Disertare l’Isis: 58 ex combattenti si raccontano

Si sono uniti all’Isis da tutto il mondo per combattere , ma sono rimasti delusi. Razzismo, corruzione e violenza gratuita contro altri musulmani tra i motivi che hanno portato alla fuga. Approfondire le loro storie potrebbe aiutare a fermare l’arruolamento di combattenti stranieri, dicono gli esperti.

di Donata Columbro

È stato raccontato molto degli uomini e delle donne che si uniscono al gruppo terroristico dello Stato islamico. Forse non abbastanza, dal momento che ancora non si riesce a fermare il flusso di persone che parte dall’Europa per combattere in Siria e in Iraq. Ma ancora meno si è detto di coloro che ad un certo punto del percorso cambiano idea e decidono di fuggire dalle milizie che con tanto entusiasmo avevano raggiunto. le loro storie potrebbero diventare la chiave per fermare il flusso di combattenti stranieri – solo dalla Francia quest’anno ci sono state l’80% di partenze in più rispetto al 2014 – divulgando su larga scala le false promesse dietro ciò che significa far parte dell’Isis e l’ipocrisia dietro la sua propaganda.

58 disertori e le loro storie

Uno studio dell’Icrs (International centre for the study of radicalization and political violence) ha raccolto 58 storie di uomini e donne che si erano uniti allo Stato Islamico, ma a partire da gennaio 2014 lo hanno abbandonato. Sono testimonianze di combattenti che hanno raccontato la loro esperienza su diversi canali televisivi e online, analizzate dall’Icrs per interpretarne la narrativa comune. Rappresentano una piccola frazione di tutti i combattenti “delusi” dalla propaganda e dalle azioni sul campo dell’Isis perché se di questi 58 abbiamo le storie, molti altri potrebbero essere fuggiti senza lasciare traccia per paura di rappresaglie da parte del gruppo terroristico.

Nei 58 casi, due terzi delle fughe sono avvenute nel 2015, un terzo nei mesi estivi. Arrivano dalla Siria (21), dall’Arabia Saudita (9), dall’Indonesia (4) e il resto da Francia, Germania, India, Iraq, Tunisia, Turchia, Regno Unito, Austria, Belgio, Egitto, Giordania, Svizzera, Libia e Tajikistan.

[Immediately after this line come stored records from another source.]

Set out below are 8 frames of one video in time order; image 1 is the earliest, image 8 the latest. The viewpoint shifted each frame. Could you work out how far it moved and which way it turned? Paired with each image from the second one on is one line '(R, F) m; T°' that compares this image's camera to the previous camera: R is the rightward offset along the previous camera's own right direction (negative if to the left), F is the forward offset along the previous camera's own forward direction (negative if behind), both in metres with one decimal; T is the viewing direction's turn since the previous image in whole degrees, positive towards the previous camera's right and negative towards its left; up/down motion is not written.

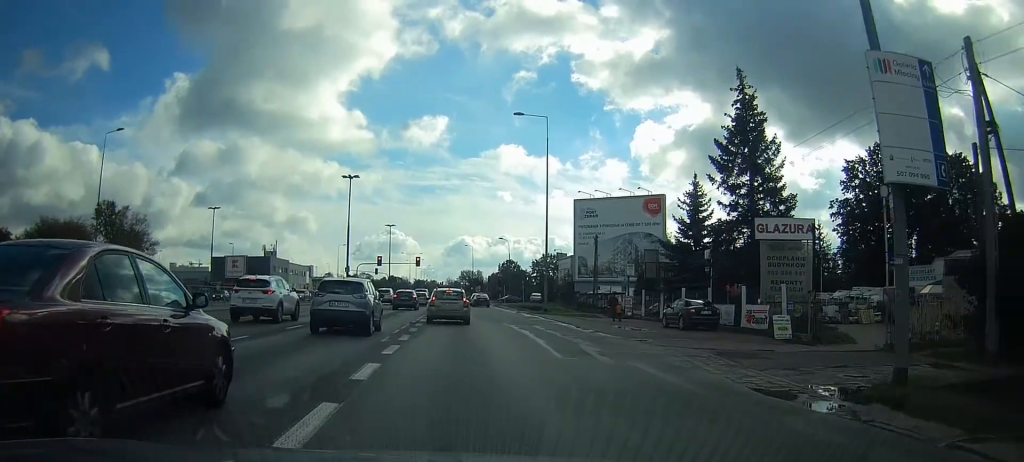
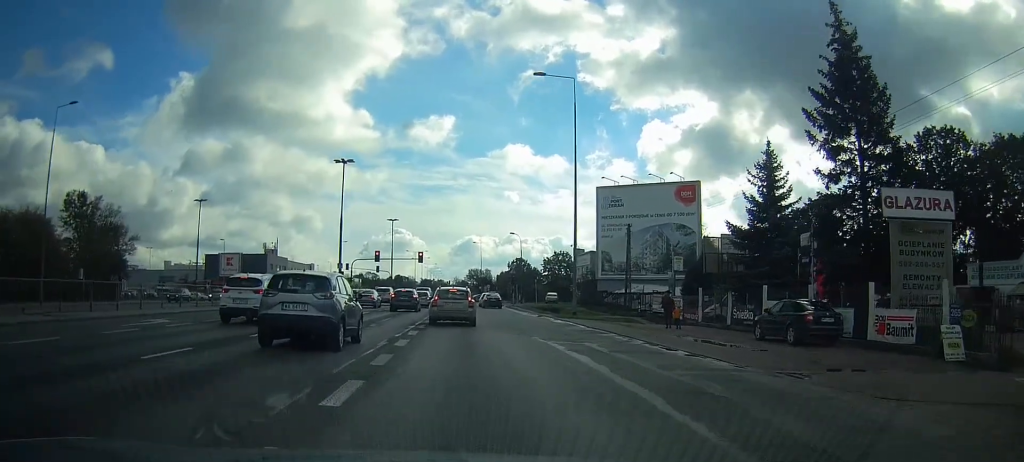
(-0.1, +10.0) m; -1°
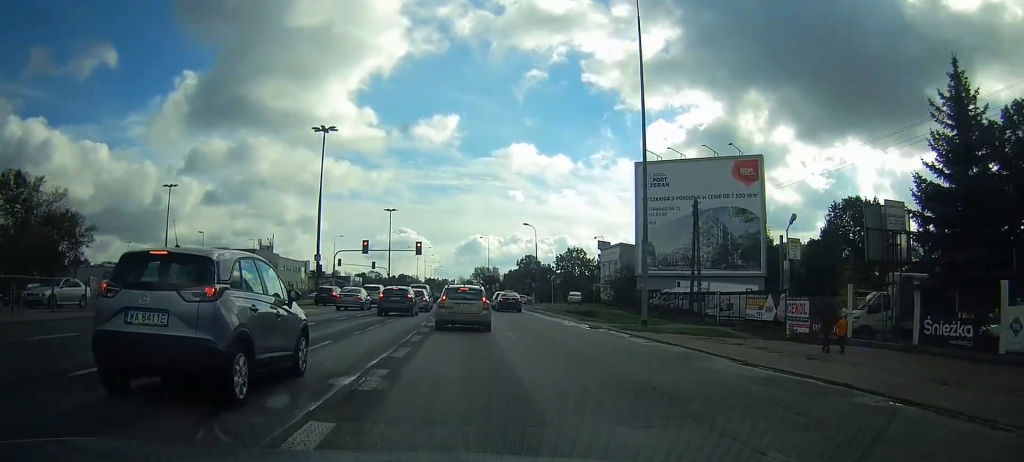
(-0.2, +14.3) m; -1°
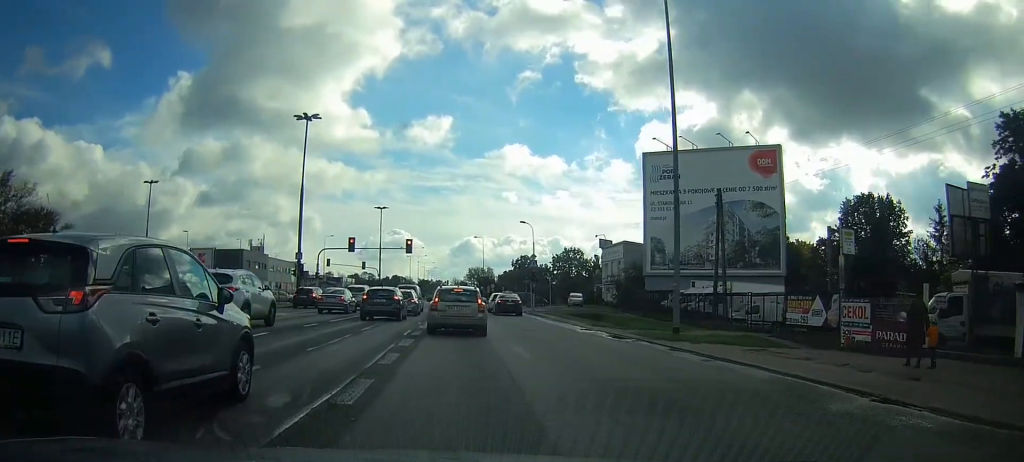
(0.0, +5.1) m; 0°
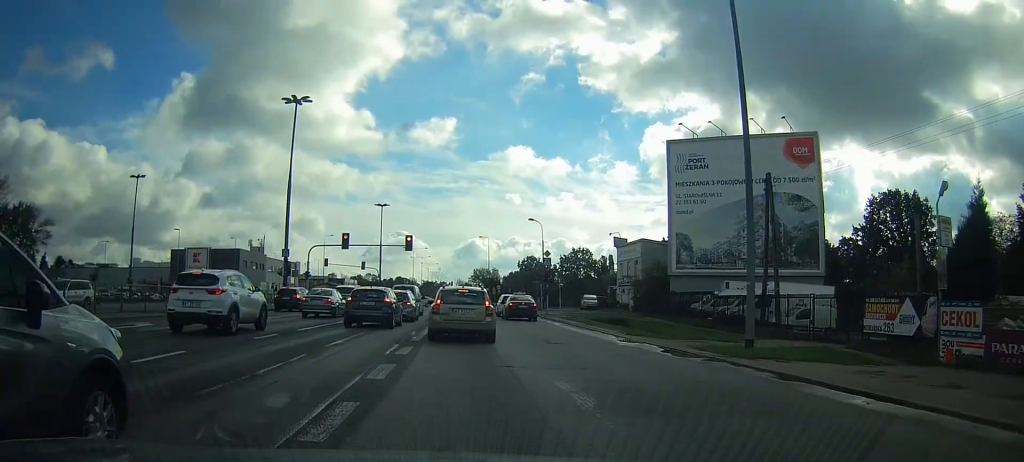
(0.0, +5.2) m; 0°
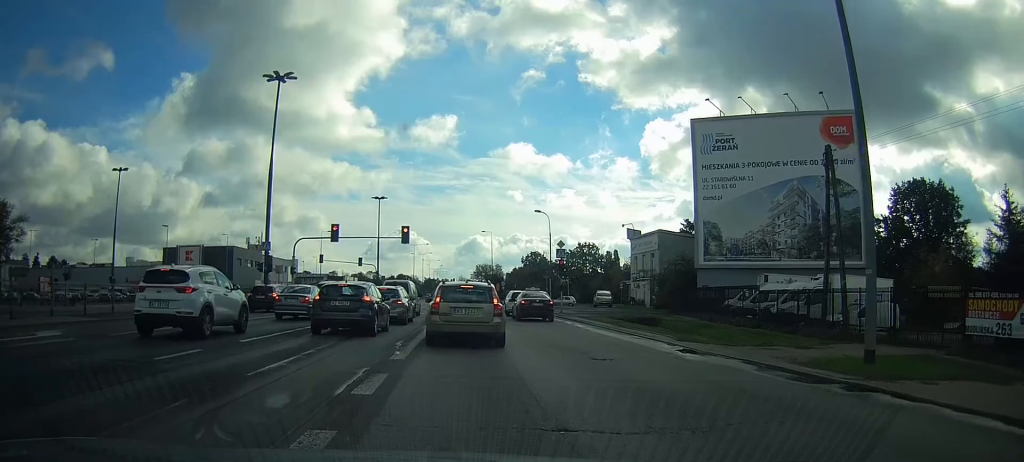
(0.0, +4.9) m; 0°
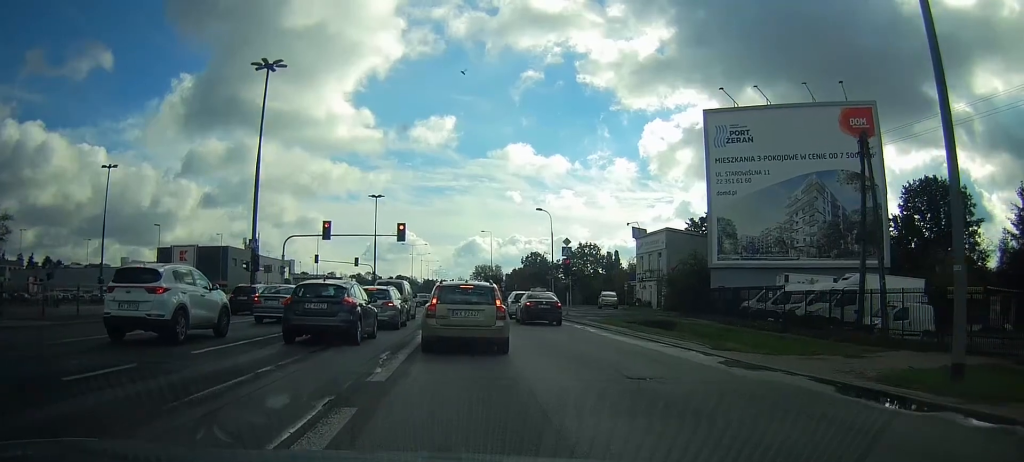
(0.0, +2.6) m; 0°
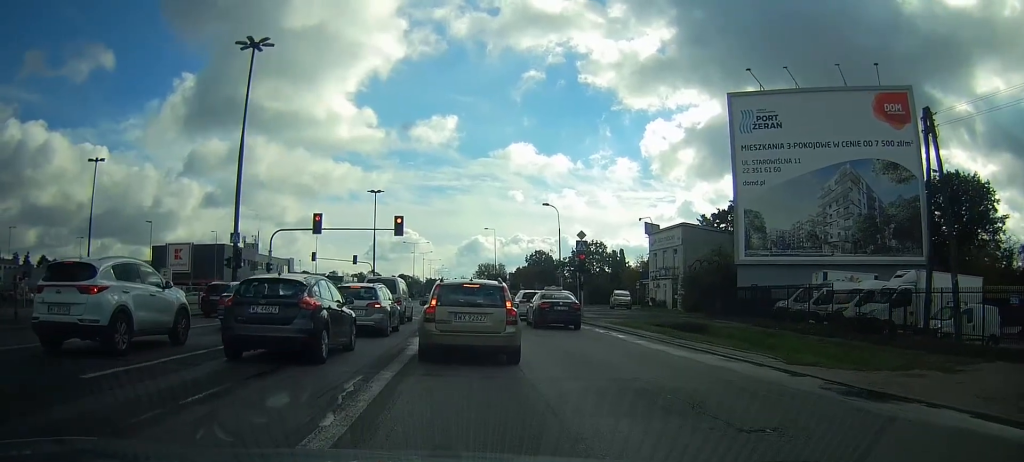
(-0.1, +4.0) m; -2°

Le esperienze raccontate sono molto diverse tra loro. Non tutti dopo la fuga sono diventati ferventi sostenitori della democrazia liberale. Alcuni hanno commesso crimini. Tutti, ad un certo punto della loro vita, sono stati entusiasti sostenitori dell’organizzazione violenta e totalitaria che ha rivendicato gli ultimi attentati a Parigi, ma ad un certo punto hanno deciso di andarsene.

Quattro le ragioni principali per lasciare l’Isis:

1. In Siria l’Isis è più interessato a combattere i propri “simili”, i musulmani sunniti, che non il governo di Assad.
Questa è una delle critiche più diffuse. Troppa energia in Siria è dispersa nel combattere i ribelli piuttosto che rovesciare il regime di Assad, all’inizio una delle priorità dello Stato Islamico. Anzi, accusano i disertori, i ribelli sono oggetto di attacchi e violenze, perché i leader, ossessionati dalla presenza di spie e traditori tra le file dei combattenti, li vedono anche nei propri alleati. Questa non è la jihad che i combattenti dall’Europa si aspettavano.

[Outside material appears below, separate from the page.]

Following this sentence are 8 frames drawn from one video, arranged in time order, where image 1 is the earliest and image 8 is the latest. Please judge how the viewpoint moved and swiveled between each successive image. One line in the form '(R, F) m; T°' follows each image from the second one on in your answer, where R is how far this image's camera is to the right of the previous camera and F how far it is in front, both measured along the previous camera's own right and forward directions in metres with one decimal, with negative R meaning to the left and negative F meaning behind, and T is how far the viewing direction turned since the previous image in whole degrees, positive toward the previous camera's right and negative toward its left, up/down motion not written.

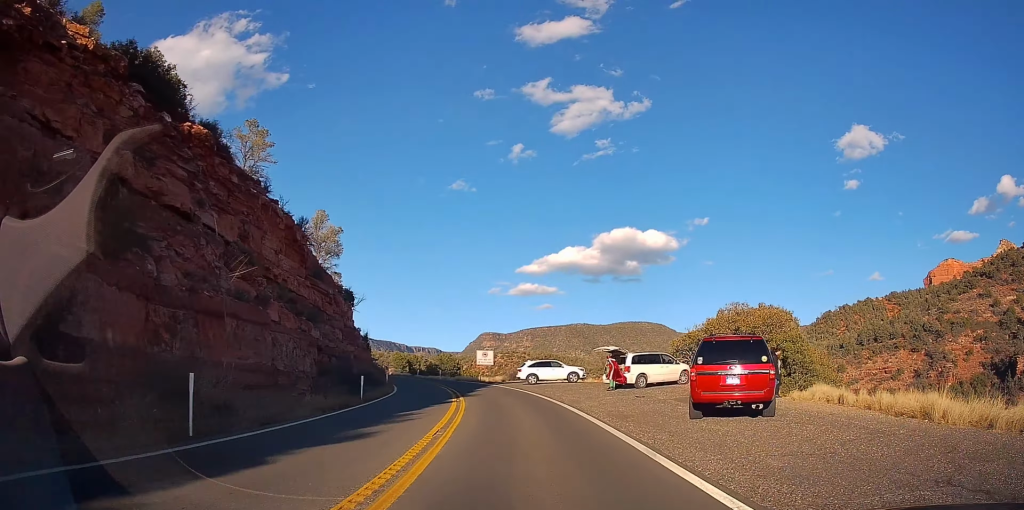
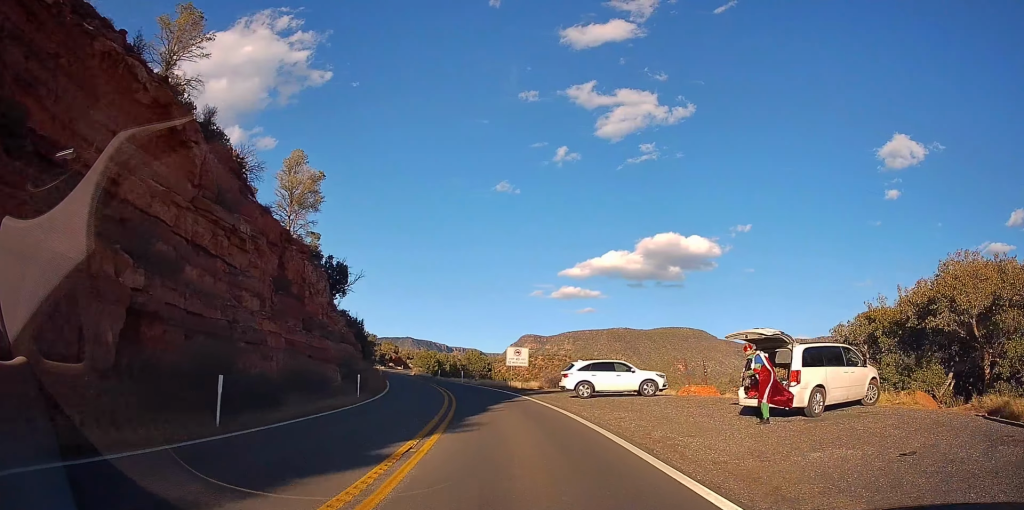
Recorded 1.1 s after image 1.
(-0.2, +14.7) m; -4°
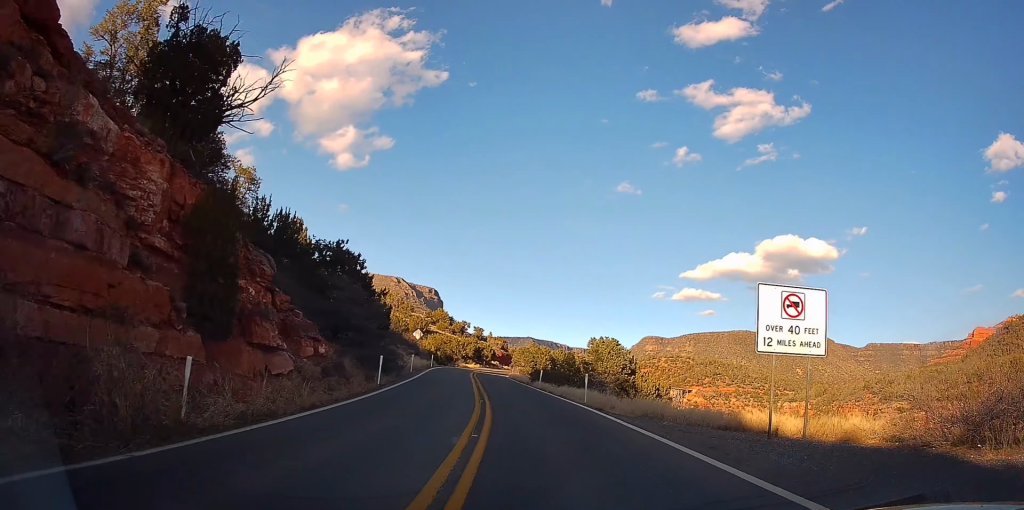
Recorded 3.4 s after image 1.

2. L’isis è coinvolto in troppe atrocità contro i musulmani (sunniti)
La brutalità contro i civili innocenti non è condivisa da molti miliziani.. Si parla di uccisioni indiscriminate di ostaggi, sistematici raid nei villaggi e uccisioni dei combattenti da parte degli stessi comandanti che temono continue insurrezioni. Nessuno degli episodi menzionati come “troppo violenti” includeva brutalità commesse contro le minoranze, non considerate parte del proprio gruppo da proteggere. La violenza è vista come oltraggiosa soprattutto quando rivolta nei confronti di altri sunniti.

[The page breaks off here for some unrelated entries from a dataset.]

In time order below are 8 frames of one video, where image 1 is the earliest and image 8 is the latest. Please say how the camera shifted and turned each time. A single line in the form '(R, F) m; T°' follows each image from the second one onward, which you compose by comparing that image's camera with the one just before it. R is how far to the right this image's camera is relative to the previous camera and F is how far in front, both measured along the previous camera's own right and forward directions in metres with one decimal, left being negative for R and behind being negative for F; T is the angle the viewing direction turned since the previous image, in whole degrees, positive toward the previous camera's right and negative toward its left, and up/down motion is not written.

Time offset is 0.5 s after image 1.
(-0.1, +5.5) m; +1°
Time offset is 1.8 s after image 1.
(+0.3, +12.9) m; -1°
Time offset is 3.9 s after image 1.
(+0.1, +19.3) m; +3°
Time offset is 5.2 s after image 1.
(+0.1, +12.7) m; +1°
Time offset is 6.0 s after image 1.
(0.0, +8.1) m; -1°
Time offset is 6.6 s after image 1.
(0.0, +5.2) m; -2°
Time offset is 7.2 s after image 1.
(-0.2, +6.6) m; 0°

3. L’Isis è corrotto e anti-islamico
Molti disapprovano la condotta individuale di comandanti e leader. Tra i disertori siriani c’è chi critica i privilegi dati ai combattenti stranieri, per cui c’è giustificazione né basata sulla filosofia del gruppo né sui principi dell’islam in generale, si legge nel rapporto. Se molti sembrano disposti a tollerare le difficoltà della lotta in prima linea, trovavano invece inaccettabili le disuguaglianze e il razzismo tra i propri commilitoni. “Questa non è una guerra santa”, ha dichiarato un disertore dall’India, che i leader del gruppo ha obbligato al compito di pulire le latrine a causa del suo colore della pelle.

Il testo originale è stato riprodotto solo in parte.